Data under study:
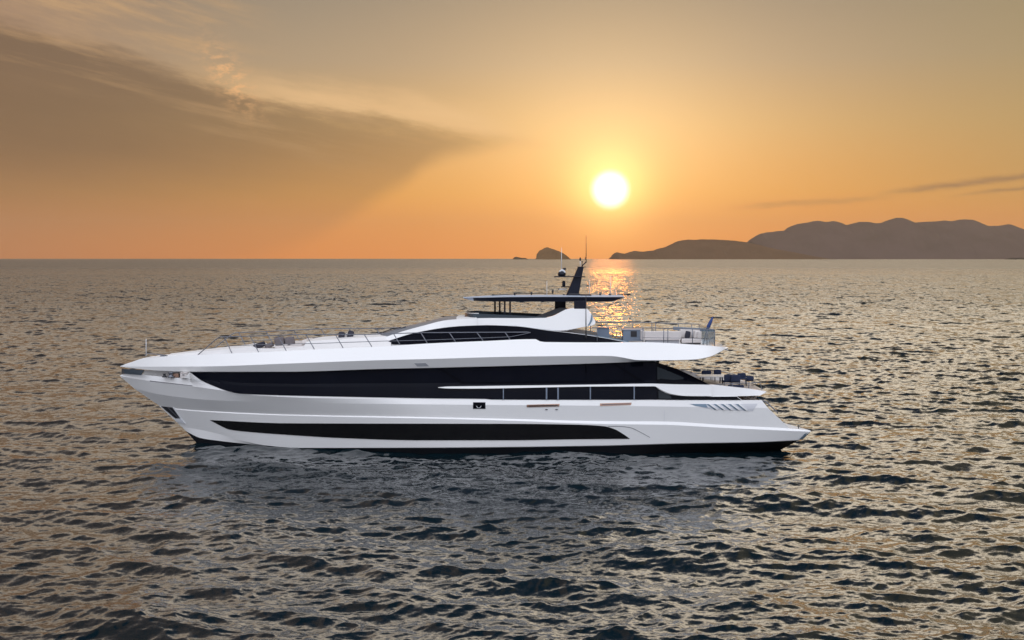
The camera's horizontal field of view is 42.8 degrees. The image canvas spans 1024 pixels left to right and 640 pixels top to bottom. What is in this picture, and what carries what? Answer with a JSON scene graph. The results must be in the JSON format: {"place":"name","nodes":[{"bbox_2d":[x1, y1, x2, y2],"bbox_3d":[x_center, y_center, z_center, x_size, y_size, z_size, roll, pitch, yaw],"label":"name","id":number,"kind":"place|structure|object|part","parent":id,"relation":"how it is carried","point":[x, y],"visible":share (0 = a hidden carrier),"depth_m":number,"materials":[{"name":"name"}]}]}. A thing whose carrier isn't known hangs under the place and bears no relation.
{"place":"outdoors","nodes":[
{"label":"outdoors","id":0,"kind":"place"},
{"bbox_2d":[0,259,1023,639],"bbox_3d":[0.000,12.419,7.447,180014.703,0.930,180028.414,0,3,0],"label":"sea","id":1,"kind":"structure","parent":0,"point":[882,499],"depth_m":73.30,"materials":[{"name":"black liquid"}]},
{"bbox_2d":[120,248,810,453],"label":"motor yacht","id":2,"kind":"object","parent":1,"relation":"on","point":[486,382],"visible":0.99,"depth_m":85.34,"materials":[{"name":"white paint"},{"name":"black tinted glass"},{"name":"dark navy paint"}]},
{"bbox_2d":[162,372,179,377],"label":"mooring winch","id":3,"kind":"object","parent":2,"relation":"on","point":[173,375],"visible":0.99,"depth_m":87.69,"materials":[{"name":"silver metal"}]},
{"bbox_2d":[180,372,187,377],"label":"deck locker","id":4,"kind":"object","parent":2,"relation":"on","point":[183,374],"visible":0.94,"depth_m":87.27,"materials":[{"name":"white plastic"}]},
{"bbox_2d":[253,341,264,347],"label":"cushion","id":5,"kind":"object","parent":2,"relation":"on","point":[260,346],"visible":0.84,"depth_m":87.22,"materials":[{"name":"grey fabric"}]},
{"bbox_2d":[265,342,273,347],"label":"cushion","id":6,"kind":"object","parent":2,"relation":"on","point":[268,346],"visible":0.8,"depth_m":87.30,"materials":[{"name":"beige fabric"}]},
{"bbox_2d":[275,338,312,347],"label":"foredeck sofa","id":7,"kind":"object","parent":2,"relation":"on","point":[296,344],"visible":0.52,"depth_m":87.23,"materials":[{"name":"beige fabric"}]},
{"bbox_2d":[274,337,284,345],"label":"cushion","id":8,"kind":"object","parent":7,"relation":"on","point":[277,340],"visible":0.92,"depth_m":87.16,"materials":[{"name":"beige fabric"}]},
{"bbox_2d":[284,336,294,345],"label":"cushion","id":9,"kind":"object","parent":7,"relation":"on","point":[289,340],"visible":1,"depth_m":87.18,"materials":[{"name":"beige fabric"}]},
{"bbox_2d":[347,330,353,336],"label":"cushion","id":10,"kind":"object","parent":2,"relation":"on","point":[350,332],"visible":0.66,"depth_m":88.26,"materials":[{"name":"grey fabric"}]},
{"bbox_2d":[210,420,629,439],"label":"lower hull window","id":11,"kind":"structure","parent":2,"relation":"in","point":[332,430],"depth_m":85.29,"materials":[{"name":"black glass"}]},
{"bbox_2d":[191,361,656,399],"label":"hull side window","id":12,"kind":"structure","parent":2,"relation":"in","point":[406,382],"depth_m":85.22,"materials":[{"name":"black glass"}]},
{"bbox_2d":[389,325,622,344],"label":"deckhouse side window","id":13,"kind":"structure","parent":2,"relation":"in","point":[541,335],"depth_m":85.95,"materials":[{"name":"black glass"}]},
{"bbox_2d":[598,328,608,336],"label":"grill cabinet","id":14,"kind":"object","parent":2,"relation":"on","point":[604,332],"visible":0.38,"depth_m":87.54,"materials":[{"name":"grey paint"}]},
{"bbox_2d":[621,328,643,340],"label":"bar cabinet","id":15,"kind":"object","parent":2,"relation":"on","point":[630,334],"visible":0.87,"depth_m":87.55,"materials":[{"name":"grey paint"}]},
{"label":"fridge door","id":16,"kind":"part","parent":15,"relation":"part of","materials":[{"name":"black glass"}]},
{"bbox_2d":[640,330,680,342],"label":"sundeck sofa","id":17,"kind":"object","parent":2,"relation":"on","point":[673,336],"visible":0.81,"depth_m":86.20,"materials":[{"name":"beige fabric"}]},
{"bbox_2d":[680,329,701,343],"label":"corner sofa","id":18,"kind":"object","parent":2,"relation":"on","point":[683,340],"visible":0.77,"depth_m":86.33,"materials":[{"name":"beige fabric"}]},
{"bbox_2d":[685,331,690,337],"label":"cushion","id":19,"kind":"object","parent":18,"relation":"on","point":[687,334],"visible":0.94,"depth_m":86.41,"materials":[{"name":"blue fabric"}]},
{"bbox_2d":[657,388,740,399],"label":"aft side window","id":20,"kind":"structure","parent":2,"relation":"in","point":[661,395],"depth_m":85.14,"materials":[{"name":"black glass"}]},
{"bbox_2d":[701,370,710,380],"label":"dining chair","id":21,"kind":"object","parent":2,"relation":"on","point":[706,372],"visible":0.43,"depth_m":91.11,"materials":[{"name":"blue fabric"}]},
{"bbox_2d":[696,374,723,383],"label":"dining table","id":22,"kind":"object","parent":2,"relation":"on","point":[710,375],"visible":0.89,"depth_m":89.15,"materials":[{"name":"white"}]},
{"bbox_2d":[714,369,720,381],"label":"dining chair","id":23,"kind":"object","parent":2,"relation":"on","point":[717,371],"visible":0.52,"depth_m":91.23,"materials":[{"name":"blue fabric"}]},
{"bbox_2d":[722,374,730,385],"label":"dining chair","id":24,"kind":"object","parent":2,"relation":"on","point":[727,377],"visible":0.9,"depth_m":87.62,"materials":[{"name":"blue fabric"}]},
{"bbox_2d":[730,375,740,384],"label":"dining chair","id":25,"kind":"object","parent":2,"relation":"on","point":[735,378],"visible":0.91,"depth_m":87.39,"materials":[{"name":"blue fabric"}]},
{"bbox_2d":[737,373,746,384],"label":"dining chair","id":26,"kind":"object","parent":2,"relation":"on","point":[742,376],"visible":0.66,"depth_m":90.16,"materials":[{"name":"blue fabric"}]},
{"bbox_2d":[745,376,753,384],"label":"dining chair","id":27,"kind":"object","parent":2,"relation":"on","point":[749,378],"visible":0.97,"depth_m":88.78,"materials":[{"name":"blue fabric"}]},
{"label":"small sofa","id":28,"kind":"object","parent":2,"relation":"on","visible":0},
{"bbox_2d":[338,332,344,337],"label":"cushion","id":29,"kind":"object","parent":28,"relation":"on","point":[341,336],"visible":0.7,"depth_m":88.16,"materials":[{"name":"grey fabric"}]},
{"bbox_2d":[536,247,569,258],"bbox_3d":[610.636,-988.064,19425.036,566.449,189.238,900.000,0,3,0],"label":"islet","id":30,"kind":"object","parent":1,"relation":"in","point":[547,253],"visible":0.79,"depth_m":19136.79,"materials":[{"name":"stone"}]},
{"bbox_2d":[0,0,1023,258],"label":"sky","id":31,"kind":"structure","parent":0,"point":[130,129],"materials":[{"name":"orange"}]},
{"bbox_2d":[609,239,827,258],"bbox_3d":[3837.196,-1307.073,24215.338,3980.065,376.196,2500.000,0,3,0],"label":"headland","id":32,"kind":"structure","parent":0,"point":[706,249],"depth_m":23388.42,"materials":[{"name":"stone"}]},
{"bbox_2d":[747,218,1023,258],"bbox_3d":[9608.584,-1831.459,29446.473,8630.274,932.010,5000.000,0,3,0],"label":"mountains","id":33,"kind":"structure","parent":0,"point":[899,238],"depth_m":27803.58,"materials":[{"name":"stone"}]}
]}

Task requirements:
Set the pictures aside and transcribe the data above exactly.

Exercise solution:
The camera's horizontal field of view is 42.8 degrees. The image canvas spans 1024 pixels left to right and 640 pixels top to bottom. What is in this picture, and what carries what? Answer with a JSON scene graph. The results must be in the JSON format: {"place":"name","nodes":[{"bbox_2d":[x1, y1, x2, y2],"bbox_3d":[x_center, y_center, z_center, x_size, y_size, z_size, roll, pitch, yaw],"label":"name","id":number,"kind":"place|structure|object|part","parent":id,"relation":"how it is carried","point":[x, y],"visible":share (0 = a hidden carrier),"depth_m":number,"materials":[{"name":"name"}]}]}. A thing whose carrier isn't known hangs under the place and bears no relation.
{"place":"outdoors","nodes":[
{"label":"outdoors","id":0,"kind":"place"},
{"bbox_2d":[0,259,1023,639],"bbox_3d":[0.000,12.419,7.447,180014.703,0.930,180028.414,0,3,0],"label":"sea","id":1,"kind":"structure","parent":0,"point":[882,499],"depth_m":73.30,"materials":[{"name":"black liquid"}]},
{"bbox_2d":[120,248,810,453],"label":"motor yacht","id":2,"kind":"object","parent":1,"relation":"on","point":[486,382],"visible":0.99,"depth_m":85.34,"materials":[{"name":"white paint"},{"name":"black tinted glass"},{"name":"dark navy paint"}]},
{"bbox_2d":[162,372,179,377],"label":"mooring winch","id":3,"kind":"object","parent":2,"relation":"on","point":[173,375],"visible":0.99,"depth_m":87.69,"materials":[{"name":"silver metal"}]},
{"bbox_2d":[180,372,187,377],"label":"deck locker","id":4,"kind":"object","parent":2,"relation":"on","point":[183,374],"visible":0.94,"depth_m":87.27,"materials":[{"name":"white plastic"}]},
{"bbox_2d":[253,341,264,347],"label":"cushion","id":5,"kind":"object","parent":2,"relation":"on","point":[260,346],"visible":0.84,"depth_m":87.22,"materials":[{"name":"grey fabric"}]},
{"bbox_2d":[265,342,273,347],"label":"cushion","id":6,"kind":"object","parent":2,"relation":"on","point":[268,346],"visible":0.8,"depth_m":87.30,"materials":[{"name":"beige fabric"}]},
{"bbox_2d":[275,338,312,347],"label":"foredeck sofa","id":7,"kind":"object","parent":2,"relation":"on","point":[296,344],"visible":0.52,"depth_m":87.23,"materials":[{"name":"beige fabric"}]},
{"bbox_2d":[274,337,284,345],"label":"cushion","id":8,"kind":"object","parent":7,"relation":"on","point":[277,340],"visible":0.92,"depth_m":87.16,"materials":[{"name":"beige fabric"}]},
{"bbox_2d":[284,336,294,345],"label":"cushion","id":9,"kind":"object","parent":7,"relation":"on","point":[289,340],"visible":1,"depth_m":87.18,"materials":[{"name":"beige fabric"}]},
{"bbox_2d":[347,330,353,336],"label":"cushion","id":10,"kind":"object","parent":2,"relation":"on","point":[350,332],"visible":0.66,"depth_m":88.26,"materials":[{"name":"grey fabric"}]},
{"bbox_2d":[210,420,629,439],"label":"lower hull window","id":11,"kind":"structure","parent":2,"relation":"in","point":[332,430],"depth_m":85.29,"materials":[{"name":"black glass"}]},
{"bbox_2d":[191,361,656,399],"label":"hull side window","id":12,"kind":"structure","parent":2,"relation":"in","point":[406,382],"depth_m":85.22,"materials":[{"name":"black glass"}]},
{"bbox_2d":[389,325,622,344],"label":"deckhouse side window","id":13,"kind":"structure","parent":2,"relation":"in","point":[541,335],"depth_m":85.95,"materials":[{"name":"black glass"}]},
{"bbox_2d":[598,328,608,336],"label":"grill cabinet","id":14,"kind":"object","parent":2,"relation":"on","point":[604,332],"visible":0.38,"depth_m":87.54,"materials":[{"name":"grey paint"}]},
{"bbox_2d":[621,328,643,340],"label":"bar cabinet","id":15,"kind":"object","parent":2,"relation":"on","point":[630,334],"visible":0.87,"depth_m":87.55,"materials":[{"name":"grey paint"}]},
{"label":"fridge door","id":16,"kind":"part","parent":15,"relation":"part of","materials":[{"name":"black glass"}]},
{"bbox_2d":[640,330,680,342],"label":"sundeck sofa","id":17,"kind":"object","parent":2,"relation":"on","point":[673,336],"visible":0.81,"depth_m":86.20,"materials":[{"name":"beige fabric"}]},
{"bbox_2d":[680,329,701,343],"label":"corner sofa","id":18,"kind":"object","parent":2,"relation":"on","point":[683,340],"visible":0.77,"depth_m":86.33,"materials":[{"name":"beige fabric"}]},
{"bbox_2d":[685,331,690,337],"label":"cushion","id":19,"kind":"object","parent":18,"relation":"on","point":[687,334],"visible":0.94,"depth_m":86.41,"materials":[{"name":"blue fabric"}]},
{"bbox_2d":[657,388,740,399],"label":"aft side window","id":20,"kind":"structure","parent":2,"relation":"in","point":[661,395],"depth_m":85.14,"materials":[{"name":"black glass"}]},
{"bbox_2d":[701,370,710,380],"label":"dining chair","id":21,"kind":"object","parent":2,"relation":"on","point":[706,372],"visible":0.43,"depth_m":91.11,"materials":[{"name":"blue fabric"}]},
{"bbox_2d":[696,374,723,383],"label":"dining table","id":22,"kind":"object","parent":2,"relation":"on","point":[710,375],"visible":0.89,"depth_m":89.15,"materials":[{"name":"white"}]},
{"bbox_2d":[714,369,720,381],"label":"dining chair","id":23,"kind":"object","parent":2,"relation":"on","point":[717,371],"visible":0.52,"depth_m":91.23,"materials":[{"name":"blue fabric"}]},
{"bbox_2d":[722,374,730,385],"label":"dining chair","id":24,"kind":"object","parent":2,"relation":"on","point":[727,377],"visible":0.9,"depth_m":87.62,"materials":[{"name":"blue fabric"}]},
{"bbox_2d":[730,375,740,384],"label":"dining chair","id":25,"kind":"object","parent":2,"relation":"on","point":[735,378],"visible":0.91,"depth_m":87.39,"materials":[{"name":"blue fabric"}]},
{"bbox_2d":[737,373,746,384],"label":"dining chair","id":26,"kind":"object","parent":2,"relation":"on","point":[742,376],"visible":0.66,"depth_m":90.16,"materials":[{"name":"blue fabric"}]},
{"bbox_2d":[745,376,753,384],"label":"dining chair","id":27,"kind":"object","parent":2,"relation":"on","point":[749,378],"visible":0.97,"depth_m":88.78,"materials":[{"name":"blue fabric"}]},
{"label":"small sofa","id":28,"kind":"object","parent":2,"relation":"on","visible":0},
{"bbox_2d":[338,332,344,337],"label":"cushion","id":29,"kind":"object","parent":28,"relation":"on","point":[341,336],"visible":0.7,"depth_m":88.16,"materials":[{"name":"grey fabric"}]},
{"bbox_2d":[536,247,569,258],"bbox_3d":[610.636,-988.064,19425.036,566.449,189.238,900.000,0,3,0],"label":"islet","id":30,"kind":"object","parent":1,"relation":"in","point":[547,253],"visible":0.79,"depth_m":19136.79,"materials":[{"name":"stone"}]},
{"bbox_2d":[0,0,1023,258],"label":"sky","id":31,"kind":"structure","parent":0,"point":[130,129],"materials":[{"name":"orange"}]},
{"bbox_2d":[609,239,827,258],"bbox_3d":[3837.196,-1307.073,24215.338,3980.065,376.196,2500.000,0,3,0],"label":"headland","id":32,"kind":"structure","parent":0,"point":[706,249],"depth_m":23388.42,"materials":[{"name":"stone"}]},
{"bbox_2d":[747,218,1023,258],"bbox_3d":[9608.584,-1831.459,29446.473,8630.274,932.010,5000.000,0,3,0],"label":"mountains","id":33,"kind":"structure","parent":0,"point":[899,238],"depth_m":27803.58,"materials":[{"name":"stone"}]}
]}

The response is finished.